• **TASK INPUTS**:

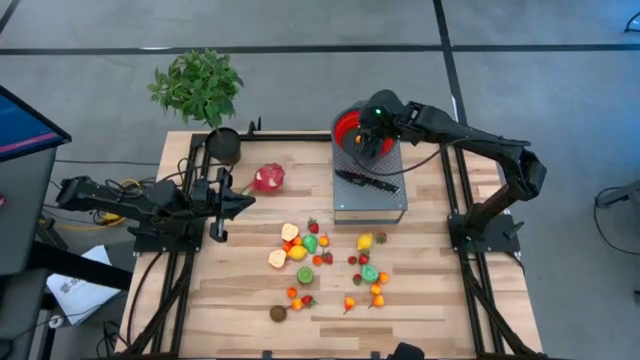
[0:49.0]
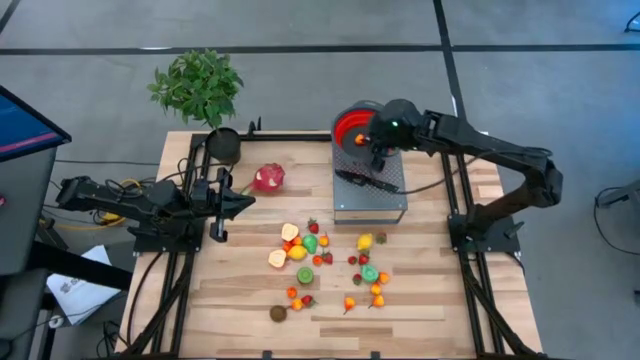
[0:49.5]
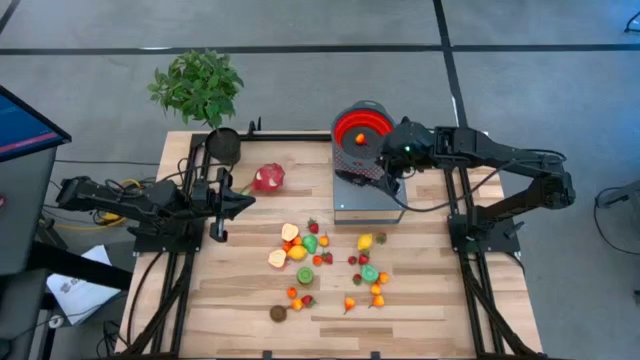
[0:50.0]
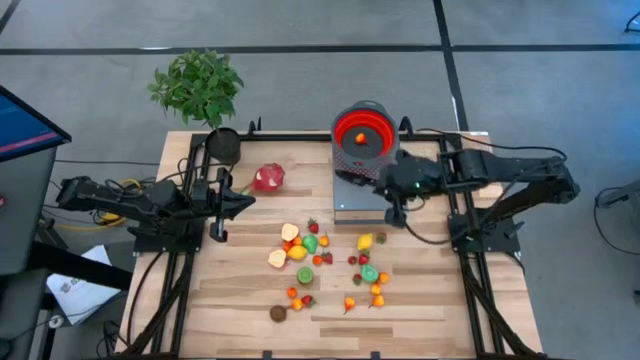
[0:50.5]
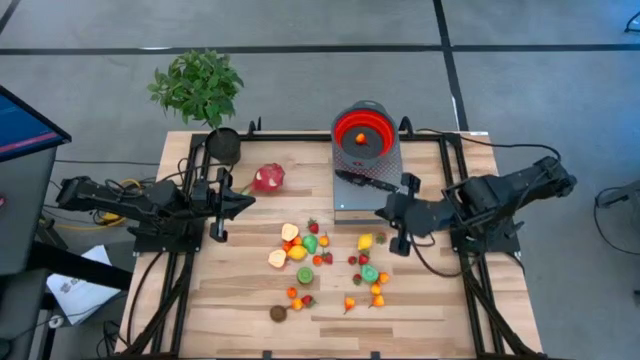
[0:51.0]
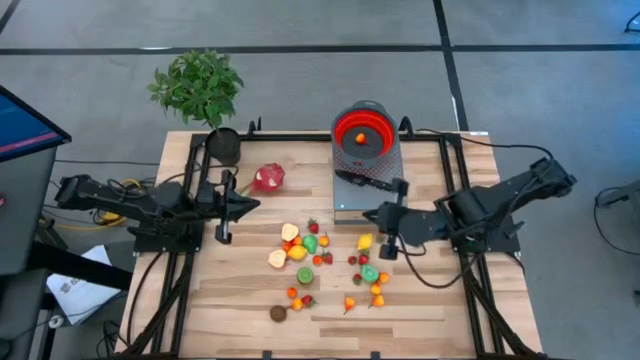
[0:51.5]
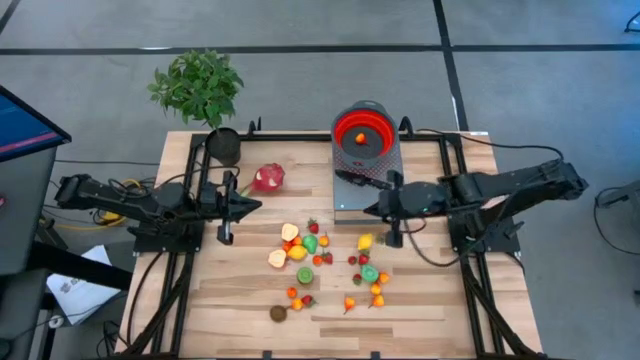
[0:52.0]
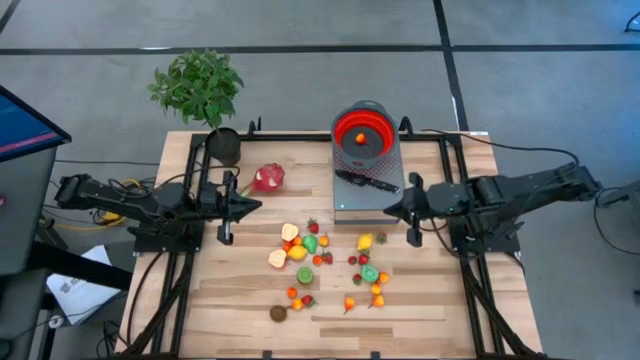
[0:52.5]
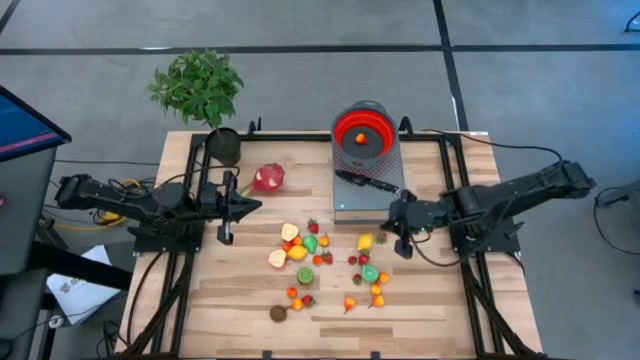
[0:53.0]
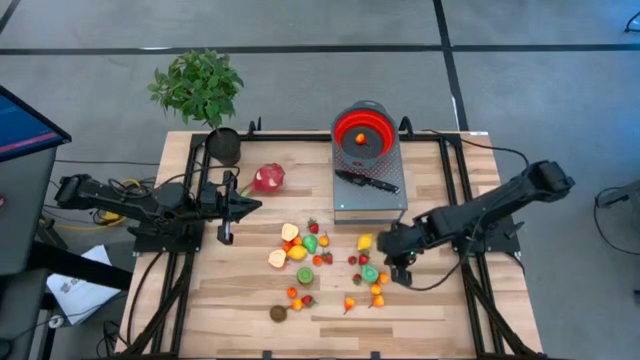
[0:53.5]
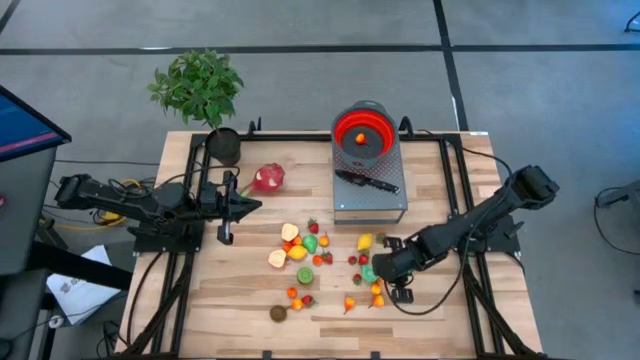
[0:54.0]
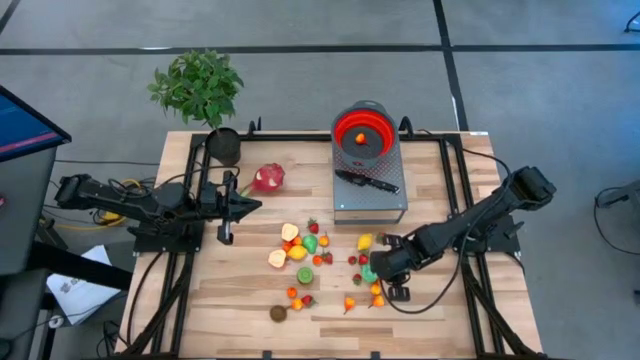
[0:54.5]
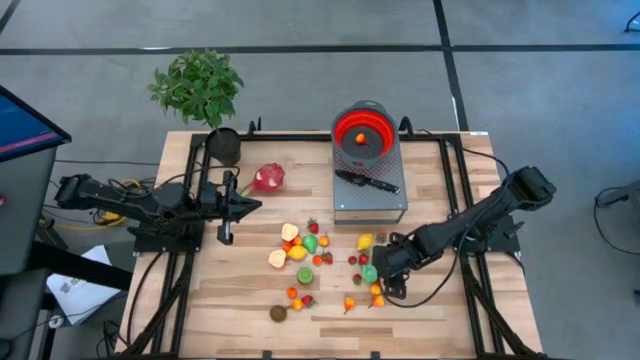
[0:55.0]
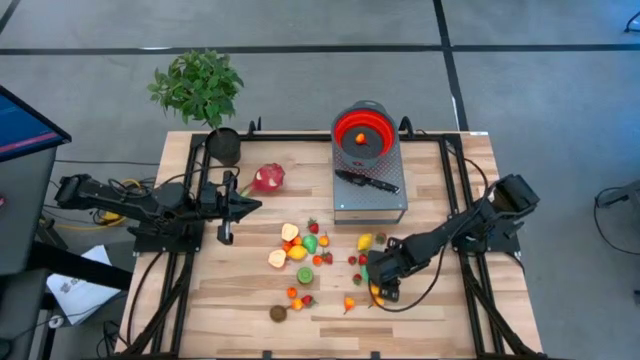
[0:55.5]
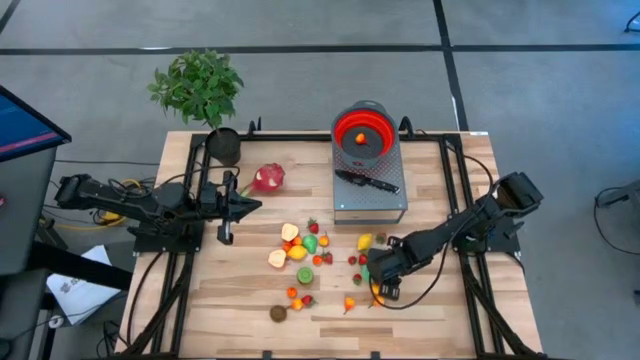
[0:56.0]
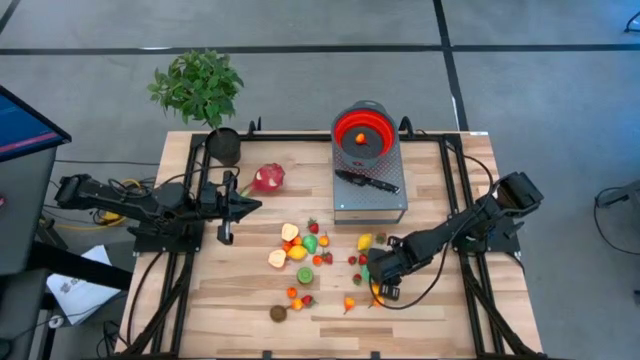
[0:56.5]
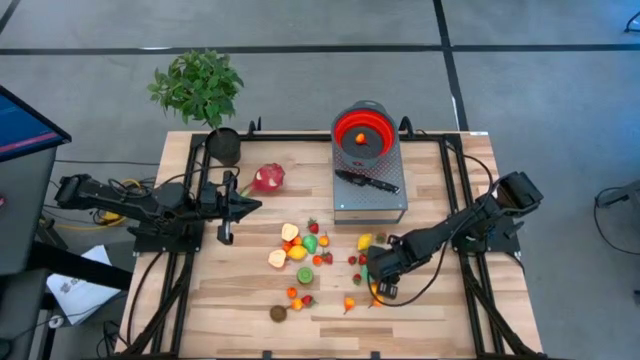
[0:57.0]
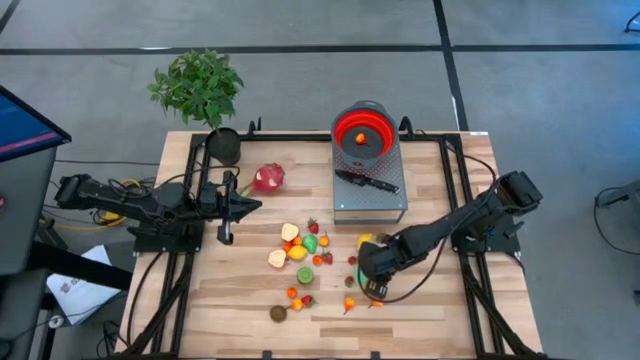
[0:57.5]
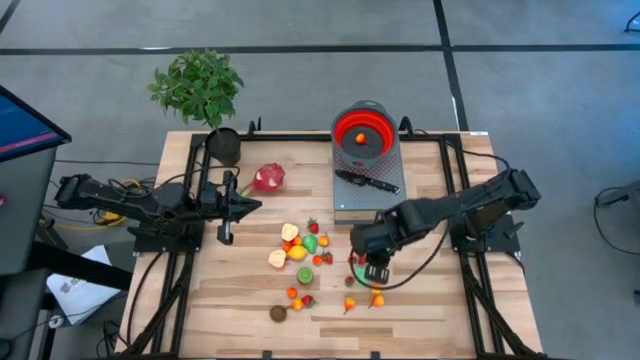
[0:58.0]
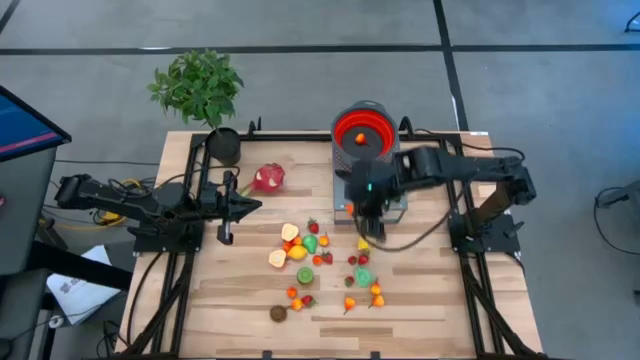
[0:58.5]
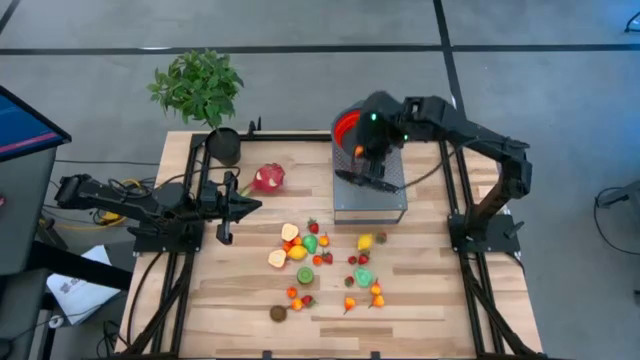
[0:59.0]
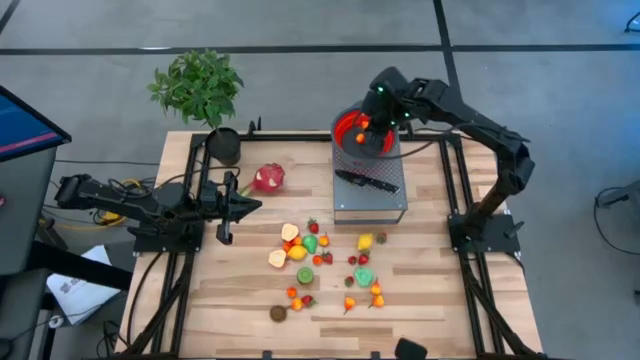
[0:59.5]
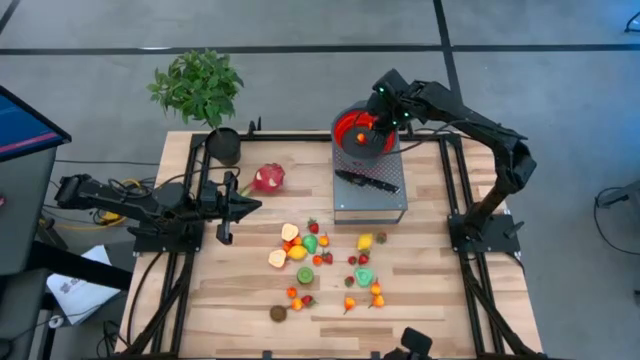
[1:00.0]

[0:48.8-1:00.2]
Task: Pick & Place Fruit
Put the yellow pear into the red colander on the shelf

• **WHAT IS REQUIRED**:
From the first line to the last, transcribe the listing exactly; skip the pictures.

• **RESPONSE TO THE TASK**:
[0:49.0]
[0:49.5]
[0:50.0]
[0:50.5]
[0:51.0]
[0:51.5]
[0:52.0]
[0:52.5]
[0:53.0]
[0:53.5]
[0:54.0]
[0:54.5]
[0:55.0]
[0:55.5]
[0:56.0]
[0:56.5]
[0:57.0]
[0:57.5]
[0:58.0]
[0:58.5]
[0:59.0]
[0:59.5]
[1:00.0]

[0:48.8-1:00.2]
Task: Pick & Place Fruit
Put the yellow pear into the red colander on the shelf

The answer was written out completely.